Maths
If the supply of robots in the whole of China is 32,000 robots a year, how can Foxconn reach 300,000 a year?
China is poised to take over from arch rival Japan as the biggest robotics market in the world in the next few years, as manufacturers struggle with rising labour costs and demand greater efficiencies. The International Federation of Robotics (IFR) said back in August that China had quadrupled its annual supply of industrial …
Where robots mine the raw materials that robots refine and process into the parts robots use to construct the robots that assemble the goods for sale that sit unbought in the shops because the people whose jobs were first outsourced and then replaced by robots cant afford them and the robots that took their jobs don't shop, I'm sure we'll all laugh about the absurdity of the situation.
__
This comment has been assembled by the trial version of CommentBot 2000, please purchase to remove this message.
The increasing capability of robots may be the only thing that stops the West going into a real slump.

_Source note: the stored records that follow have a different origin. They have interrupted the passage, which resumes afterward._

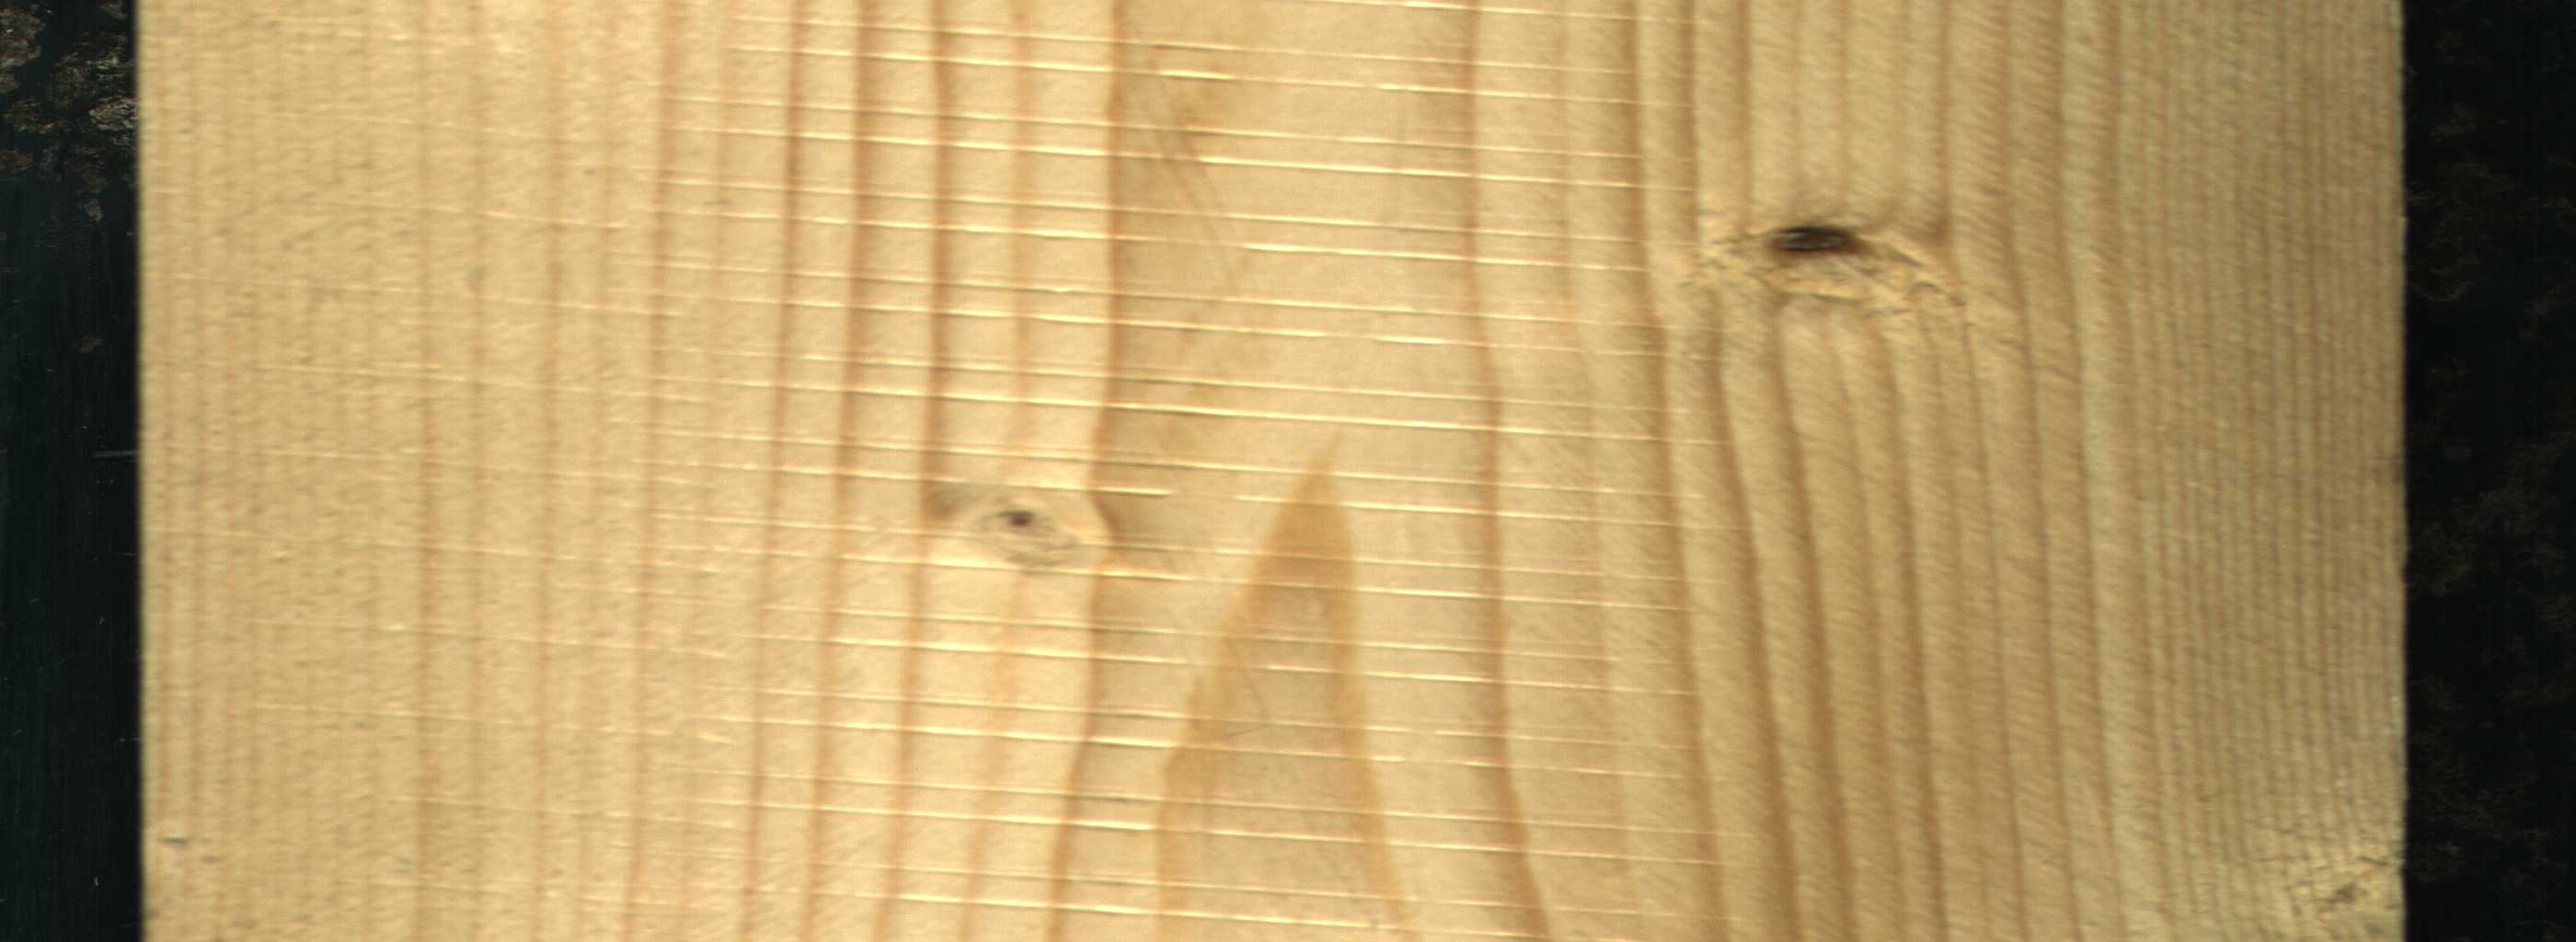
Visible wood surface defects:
Dead_Knot
Live_Knot
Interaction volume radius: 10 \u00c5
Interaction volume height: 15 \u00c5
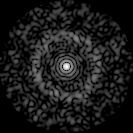
Disorder parameter: 0.8343
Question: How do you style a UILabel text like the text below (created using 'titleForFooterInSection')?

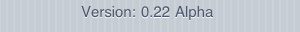
Answer: Use the below , you might need to alter the values of color and Size, Try with different-2 combination of both..
'''
UILabel* label = [[UILabel alloc] init];
label.shadowColor = [UIColor grayColor];
label.shadowOffset = CGSizeMake(0,1);
'''
See the UILabel Documentation.
<URL>

Outsourcing production jobs to China is cheaper than local unskilled labour. But local robots are cheaper still. In both the latter cases unemployment rises, but in the latter case, money is clawed back through local taxes and less money going abroad. We're on the edge of a second wave of automation of unskilled work with things like Baxter. It really depends how quickly this sort of technology becomes mainstream.
"But local robots are cheaper still. In both the latter cases unemployment rises, but in the latter case, money is clawed back through local taxes and less money going abroad."

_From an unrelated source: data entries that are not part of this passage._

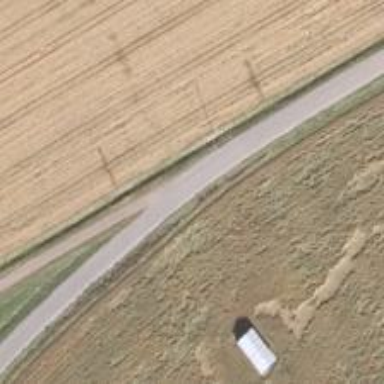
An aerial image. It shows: Bridleway with grade2 track type.
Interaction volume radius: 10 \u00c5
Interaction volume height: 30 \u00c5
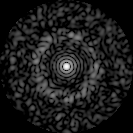
Disorder parameter: 0.8352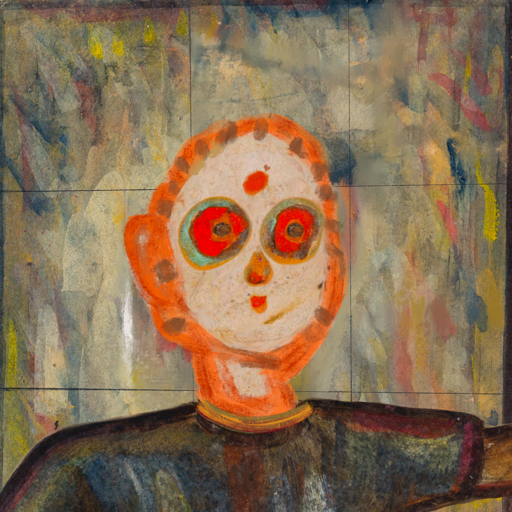
Background: GypsyMother, Head And Neck Front: Rupkatha, Face Front: Sisters, Bust: Mosgoul, Hair Front: Blank, Head Accessory: Blank, Second Necklace: Blank, Necklace: Mother_And_Son_Son, Baby: Blank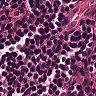
Metastatic tissue present: no
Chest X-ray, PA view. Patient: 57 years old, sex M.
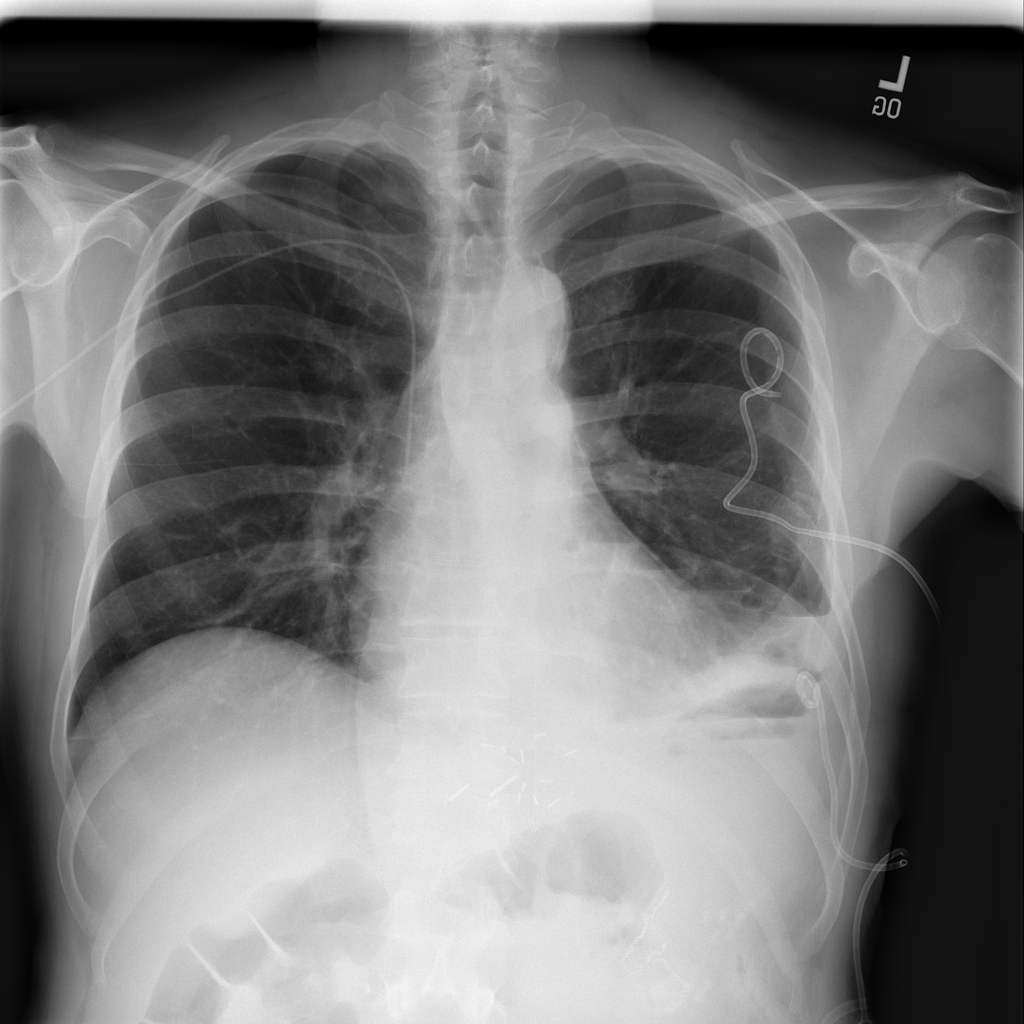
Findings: Pneumothorax

How will money be clawed back locally, given that there will be fewer and fewer people in employment to pay for the product, generating revenues and taxable profits for the makers?
In some utopian future we might need some means of sharing out machine generated wealth amongst a largely idle population (not that the "idle consumer" model has worked terribly well in the oil rich Gulf states), but in the transitional phase that we appear to be approaching there's going to be a lot of difficulty as some people have to work, and an increasing number do not. The UK is one of the most de-industrialised societies in the world, but even we've found that services don't make up the gap, nor do welfare payments make for a balanced society.

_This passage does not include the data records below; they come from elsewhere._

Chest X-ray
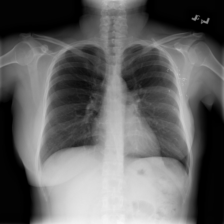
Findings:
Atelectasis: negative
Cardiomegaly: negative
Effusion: negative
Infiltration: negative
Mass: negative
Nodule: negative
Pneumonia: negative
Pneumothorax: negative
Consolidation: negative
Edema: negative
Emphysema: negative
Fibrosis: negative
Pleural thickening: negative
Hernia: negative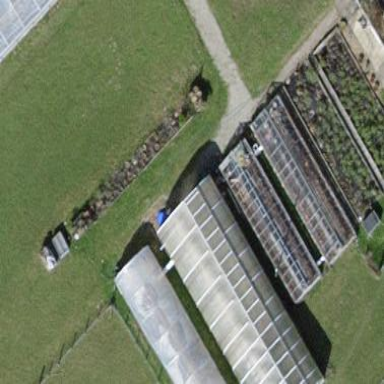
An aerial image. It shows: Greenhouse.
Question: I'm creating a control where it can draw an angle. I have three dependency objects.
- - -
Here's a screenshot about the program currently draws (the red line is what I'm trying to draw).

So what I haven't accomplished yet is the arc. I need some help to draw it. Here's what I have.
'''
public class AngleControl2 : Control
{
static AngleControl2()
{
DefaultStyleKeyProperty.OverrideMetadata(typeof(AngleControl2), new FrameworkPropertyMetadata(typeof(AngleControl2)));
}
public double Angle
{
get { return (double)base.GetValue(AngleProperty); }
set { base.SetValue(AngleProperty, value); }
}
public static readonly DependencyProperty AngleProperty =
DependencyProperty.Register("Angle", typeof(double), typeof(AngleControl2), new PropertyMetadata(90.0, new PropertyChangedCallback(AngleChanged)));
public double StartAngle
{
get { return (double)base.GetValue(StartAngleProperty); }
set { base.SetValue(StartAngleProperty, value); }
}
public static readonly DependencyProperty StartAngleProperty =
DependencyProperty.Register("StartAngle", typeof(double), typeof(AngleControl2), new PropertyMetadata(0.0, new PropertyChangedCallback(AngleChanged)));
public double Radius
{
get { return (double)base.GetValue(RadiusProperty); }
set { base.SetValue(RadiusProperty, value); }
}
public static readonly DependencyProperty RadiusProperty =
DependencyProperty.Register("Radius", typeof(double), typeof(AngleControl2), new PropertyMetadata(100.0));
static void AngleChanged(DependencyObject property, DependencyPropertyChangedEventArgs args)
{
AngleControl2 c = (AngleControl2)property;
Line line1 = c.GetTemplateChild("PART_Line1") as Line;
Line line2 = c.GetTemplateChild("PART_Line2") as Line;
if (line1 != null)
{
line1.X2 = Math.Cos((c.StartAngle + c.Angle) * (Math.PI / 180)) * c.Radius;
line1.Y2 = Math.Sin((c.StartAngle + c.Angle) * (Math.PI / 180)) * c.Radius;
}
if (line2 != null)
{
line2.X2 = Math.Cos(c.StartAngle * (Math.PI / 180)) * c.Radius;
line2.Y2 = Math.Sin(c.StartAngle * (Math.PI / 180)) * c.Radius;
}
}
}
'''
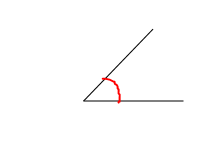
Answer: It will be easier to use Path instead of Line. For example, if you have following piece your template
'''
<Canvas Width="200" Height="200">
<Path x:Name="PART_Path" Stroke="Green" StrokeThickness="3" Canvas.Left="100" Canvas.Top="100"/>
</Canvas>
'''
Then you can use this code in your AngleChanged event:
'''
Path path = c.GetTemplateChild("PART_Path") as Path;
if (path != null)
{
Point p = new Point(
Math.Cos((this.StartAngle + this.Angle) * (Math.PI / 180)) * this.Radius,
Math.Sin((this.StartAngle - this.Angle) * (Math.PI / 180)) * this.Radius);
Point q = new Point(
Math.Cos((this.StartAngle) * (Math.PI / 180)) * this.Radius,
Math.Sin((this.StartAngle) * (Math.PI / 180)) * this.Radius);
path.Data = new PathGeometry()
{
Figures = new PathFigureCollection()
{
new PathFigure()
{
StartPoint = new Point(0, 0),
Segments = new PathSegmentCollection()
{
new LineSegment() { Point = p }
}
},
new PathFigure()
{
StartPoint = new Point(0, 0),
Segments = new PathSegmentCollection()
{
new LineSegment() { Point = q }
}
},
new PathFigure()
{
StartPoint = new Point(p.X/3, p.Y/3),
Segments = new PathSegmentCollection()
{
new ArcSegment()
{
IsLargeArc = (Math.Abs(this.Angle) % 360) > 180,
RotationAngle = Math.Abs(this.Angle) * (Math.PI / 180),
SweepDirection = this.Angle < 0 ? SweepDirection.Counterclockwise : SweepDirection.Clockwise,
Point = new Point(q.X/ 3, q.Y/ 3),
Size = new Size(this.Radius / 3, this.Radius/3)
}
}
},
}
};
}
'''
Note, it's also a better idea to call your AngleChanged handler in OnApplyTemplate() like this so that the visual will show up at startup.
'''
protected override void OnApplyTemplate()
{
base.OnApplyTemplate();
AngleChanged(this, null);
}
'''

"How will money be clawed back locally, given that there will be fewer and fewer people in employment to pay for the product, generating revenues and taxable profits for the makers?"
Re-read my post. Money will be "clawed back" relative to if the work had been off-shored. Not relative to if local humans were still doing it.
" In some utopian future we might need some means of sharing out machine generated wealth amongst a largely idle population (not that the "idle consumer" model has worked terribly well in the oil rich Gulf states), but in the transitional phase that we appear to be approaching there's going to be a lot of difficulty as some people have to work, and an increasing number do not. The UK is one of the most de-industrialised societies in the world, but even we've found that services don't make up the gap, nor do welfare payments make for a balanced society."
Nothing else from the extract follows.